Les survivants de Saint-Boniface, groupés en l’Association de l’Union nationale métisse, l’ont rappelé dans une adresse, lue par leur président, le digne M. Guillaume Charette, à S. G. Mgr Béliveau, le 25 juillet 1918, en la célébration du centenaire de l’arrivée de Mgr Provencher, à la Rivière-Rouge :


Fondés au sein de la barbarie, les premiers foyers des Bois-Brûlés (métis français) nourrissaient pourtant une tradition, celle de la patrie légendaire de leurs pères. Exilés pour la plupart sans retour, ils ne manquaient jamais d’évoquer, dans leurs courses et sous le wigwam familial, la pensée du toit paternel, de parler du pays lointain et mystérieux, et de nourrir l’espoir que leurs enfants prieraient un jour le Dieu qu’eux-mêmes avaient appris à invoquer dans leur enfance… Ils avaient conservé l’héritage des enseignements reçus sur les genoux de leurs mères, là-bas, sur les bords enchanteurs du majestueux Saint-Laurent, berceau de la Nouvelle-France… Fidèles à la mission reçue sur la terre laurentienne, ces avant-coureurs apostoliques ont, à leur insu, préparé les voies de la Providence, et les prêtres vont trouver en eux, ainsi qu’en leurs enfants, les Métis, des guides sûrs et fidèles au milieu des dangers de toutes sortes et au sein des tribus souvent hostiles, qui se partagent les déserts de l’Ouest… De descendance française et catholiques, nous devenions les auxiliaires attitrés des missionnaires, avec la charge et l’honneur de perpétuer ici la mission de nos pères canadiens…

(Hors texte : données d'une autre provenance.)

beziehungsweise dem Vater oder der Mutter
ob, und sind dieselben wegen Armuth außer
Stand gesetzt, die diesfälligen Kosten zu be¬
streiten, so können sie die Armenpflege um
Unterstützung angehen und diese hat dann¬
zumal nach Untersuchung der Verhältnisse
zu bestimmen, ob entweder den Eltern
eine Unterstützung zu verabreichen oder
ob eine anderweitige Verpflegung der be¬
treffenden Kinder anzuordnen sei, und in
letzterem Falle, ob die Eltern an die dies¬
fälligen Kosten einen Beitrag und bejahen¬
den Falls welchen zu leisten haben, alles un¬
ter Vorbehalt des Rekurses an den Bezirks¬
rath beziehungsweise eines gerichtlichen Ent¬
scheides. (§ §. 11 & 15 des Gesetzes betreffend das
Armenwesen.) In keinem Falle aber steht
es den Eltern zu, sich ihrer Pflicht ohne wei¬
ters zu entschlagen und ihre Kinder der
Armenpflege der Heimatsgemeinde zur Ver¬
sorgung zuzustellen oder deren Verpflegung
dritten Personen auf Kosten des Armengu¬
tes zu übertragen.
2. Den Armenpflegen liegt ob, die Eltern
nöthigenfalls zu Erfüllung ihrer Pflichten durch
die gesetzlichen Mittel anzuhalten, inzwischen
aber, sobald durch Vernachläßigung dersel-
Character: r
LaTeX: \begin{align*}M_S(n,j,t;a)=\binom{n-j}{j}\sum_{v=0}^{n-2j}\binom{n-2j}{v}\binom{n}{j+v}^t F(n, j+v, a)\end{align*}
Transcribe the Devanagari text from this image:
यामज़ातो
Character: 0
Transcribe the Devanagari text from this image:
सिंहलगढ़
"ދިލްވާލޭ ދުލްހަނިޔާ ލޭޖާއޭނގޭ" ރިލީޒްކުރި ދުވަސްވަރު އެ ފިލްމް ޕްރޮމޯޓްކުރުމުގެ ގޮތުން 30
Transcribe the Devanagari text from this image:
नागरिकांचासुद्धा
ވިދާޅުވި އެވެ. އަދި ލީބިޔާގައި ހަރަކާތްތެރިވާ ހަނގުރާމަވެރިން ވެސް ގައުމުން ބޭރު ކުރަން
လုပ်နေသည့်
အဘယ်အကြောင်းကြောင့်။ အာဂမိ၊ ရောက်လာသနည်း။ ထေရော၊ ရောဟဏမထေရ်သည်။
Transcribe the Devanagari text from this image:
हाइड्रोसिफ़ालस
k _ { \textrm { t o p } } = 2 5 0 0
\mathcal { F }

Canadiens et métis furent bien, en effet, les auxiliaires du missionnaire, après avoir été ses précurseurs, dans l’établissement de l’Évangile. Ils furent ses guides dans les mystères de la prairie et de la forêt. Ils furent ses maîtres dans les langues sauvages. Ils furent parfois les sauveurs de sa vie. À chaque pas, depuis l’origine jusqu’à nos jours, l’histoire des missions du Nord-Ouest, du Nord et de l’Extrême-Nord retrouve leurs traces vives dans les chemins de la foi comme dans les chemins de neige.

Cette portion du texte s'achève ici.